Hi! I’m an undergrad and I’m trying to replicate a result from a paper for a fast matrix-matrix multiplication algorithm (specifically the Bernstein lift matrix). Unfortunately, my code seems some 2-3x slower than what’s expected, compared to a naive matrix-matrix multiplication.
Here’s a (somewhat lengthy) MWE with precomputed values:
using SparseArrays
using BenchmarkTools
using LinearAlgebra
const L0 = sprand(36, 36, 0.164)
const tri_offset_table = (
    (0, 2, 3, 3, 2, 0, -3, -7, -12, -18, -25, -33, -42, -52, -63, -75, -88, -102, -117, -133, -150), 
    (0, 3, 5, 6, 6, 5, 3, 0, -4, -9, -15, -22, -30, -39, -49, -60, -72, -85, -99, -114, -130), 
    (0, 4, 7, 9, 10, 10, 9, 7, 4, 0, -5, -11, -18, -26, -35, -45, -56, -68, -81, -95, -110), 
    (0, 5, 9, 12, 14, 15, 15, 14, 12, 9, 5, 0, -6, -13, -21, -30, -40, -51, -63, -76, -90), 
    (0, 6, 11, 15, 18, 20, 21, 21, 20, 18, 15, 11, 6, 0, -7, -15, -24, -34, -45, -57, -70), 
    (0, 7, 13, 18, 22, 25, 27, 28, 28, 27, 25, 22, 18, 13, 7, 0, -8, -17, -27, -38, -50), 
    (0, 8, 15, 21, 26, 30, 33, 35, 36, 36, 35, 33, 30, 26, 21, 15, 8, 0, -9, -19, -30), 
    (0, 9, 17, 24, 30, 35, 39, 42, 44, 45, 45, 44, 42, 39, 35, 30, 24, 17, 9, 0, -10), 
    (0, 10, 19, 27, 34, 40, 45, 49, 52, 54, 55, 55, 54, 52, 49, 45, 40, 34, 27, 19, 10), 
    (0, 11, 21, 30, 38, 45, 51, 56, 60, 63, 65, 66, 66, 65, 63, 60, 56, 51, 45, 38, 30)) 
const l_j_table = (-3.5, 7.0, -8.75, 7.0, -3.5, 1.0, -0.125, 0.0, 0.0, 0.0, 0.0, 0.0, 0.0, 0.0, 0.0, 0.0, 0.0, 0.0, 0.0, 0.0)

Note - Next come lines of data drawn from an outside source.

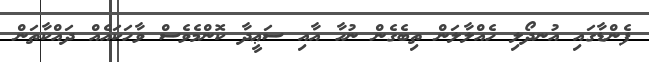
ފެންޑާގައި އުނދޯލި ހެއްލާލަން ތިބެގެން ނުހާ އާއި ސަޢީދާ ކޮންމެވެސް ވާހަކައެއް ދައްކާތަން
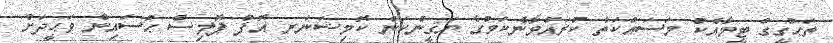
ތަޙުގީގް ޓީމާއެކު މަސައްކަތް ކުރައްވާނެކަމުގެ ޔަޤީންކަން ކޮމިޝަނަރ އޮފް ޕޮލިސް ޙުސައިން ވަޙީދަށް
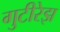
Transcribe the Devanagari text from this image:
गुटीरेझ
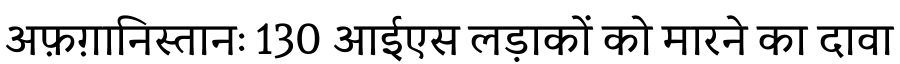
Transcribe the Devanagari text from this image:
अफ़ग़ानिस्तानः 130 आईएस लड़ाकों को मारने का दावा
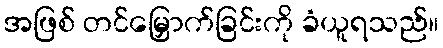
အဖြစ် တင်မြှောက်ခြင်းကို ခံယူရသည်။
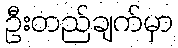
ဦးတည်ချက်မှာ
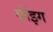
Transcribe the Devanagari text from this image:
बोंइग
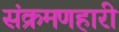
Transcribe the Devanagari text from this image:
संक्रमणहारी
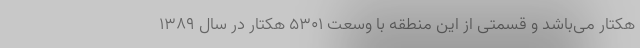
هکتار می‌باشد و قسمتی از این منطقه با وسعت ۵۳۰۱ هکتار در سال ۱۳۸۹
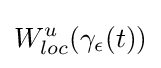
W_{loc}^{u}(\gamma _{\epsilon }(t))
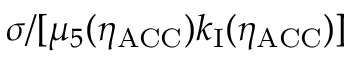
\sigma / [ \mu _ { 5 } ( \eta _ { \mathrm { A C C } } ) k _ { \mathrm { I } } ( \eta _ { \mathrm { A C C } } ) ]

function reduction_multiply!(out, N, x, offset)
    row = 1
    @inbounds @fastmath for j in 0:N-1
        for i in 0:N-1-j
            k = N-1-i-j
            linear_index1 = i+1 + offset[j+1] + 1
            linear_index2 = i + offset[j+2] + 1
            linear_index3 = i + offset[j+1] + 1
            val = muladd((i+1), x[linear_index1], 
            muladd((j+1), x[linear_index2],
            muladd((k+1), x[linear_index3], 0.0)))
            out[row] = val/N
            row += 1
        end
    end
    return out
end
# E is a preallocated vector to perform some operations. N is the polynomial order.

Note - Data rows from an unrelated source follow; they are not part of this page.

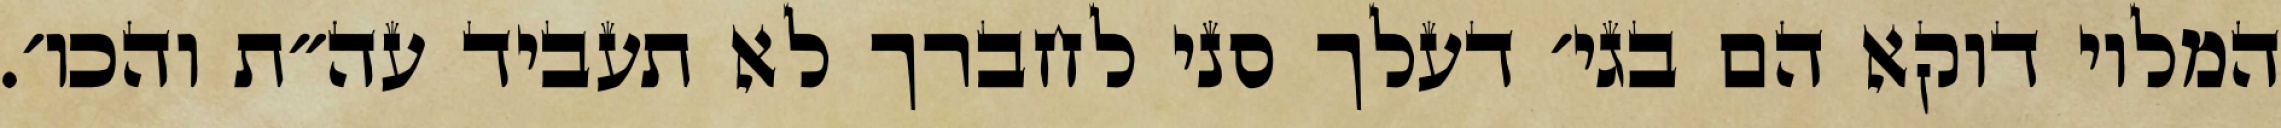
המלוי דוקא הם בגי׳ דעלך סני לחברך לא תעביד עה״ת והכו׳.
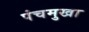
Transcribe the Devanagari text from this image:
पंचमुखा
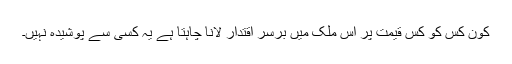
کون کس کو کس قیمت پر اس ملک میں برسرِ اقتدار لانا چاہتا ہے یہ کسی سے پوشیدہ نہیں۔
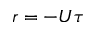
r = - U \tau

function matrix_vector_multiply!(out, N, x, E)
    @inbounds @fastmath begin 
        LinearAlgebra.mul!(E, L0, x)
        index1 = div((N + 1) * (N + 2), 2)

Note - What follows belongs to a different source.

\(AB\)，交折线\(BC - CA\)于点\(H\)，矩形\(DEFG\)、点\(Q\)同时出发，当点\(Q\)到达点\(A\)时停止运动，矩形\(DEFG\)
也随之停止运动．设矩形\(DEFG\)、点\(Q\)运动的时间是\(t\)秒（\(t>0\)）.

        view(out,1:index1) .= E
        reduction_multiply!(E, N, E, tri_offset_table[N])
        for j in 1:N
            diff = div((N + 1 - j) * (N + 2 - j), 2)
            for i in 1:diff
                out[index1 + i] = l_j_table[j] * E[i]
            end
            if j < N
                index1 += diff
                reduction_multiply!(E, N-j, E, tri_offset_table[N-j])
            end
        end
    end
    return out
end
function matrix_matrix_multiply!(out, N, x, E)
    @simd for n in axes(x,2)
        @inbounds matrix_vector_multiply!(view(out,:,n), N, view(x,:,n), E)
    end
    return out
end
N = 7
Np2 = div((N + 1) * (N + 2), 2)
Np3 = div((N + 1) * (N + 2) * (N + 3), 6)
@benchmark matrix_vector_multiply!($(zeros(Np3)), $(N), $(rand(Float64, Np2)), $(zeros(Np2)))
@benchmark matrix_matrix_multiply!($(zeros(Np3, Np3)), $(N), $(rand(Float64, Np2, Np3)), $(zeros(Np2)))
I’m not quite sure if my matrix_matrix_multiply! function is the best way to stitch together the matrix-vector multiplications. When I compared to the mul! function, I found that my code is much faster for the matrix-vector multiplication, but slower for the matrix-matrix multiplication. Is there some better way to get a matrix-matrix multiplication from matrix-vector multiplication?
I’d appreciate any other pointers for where I might look to improve this! Thanks!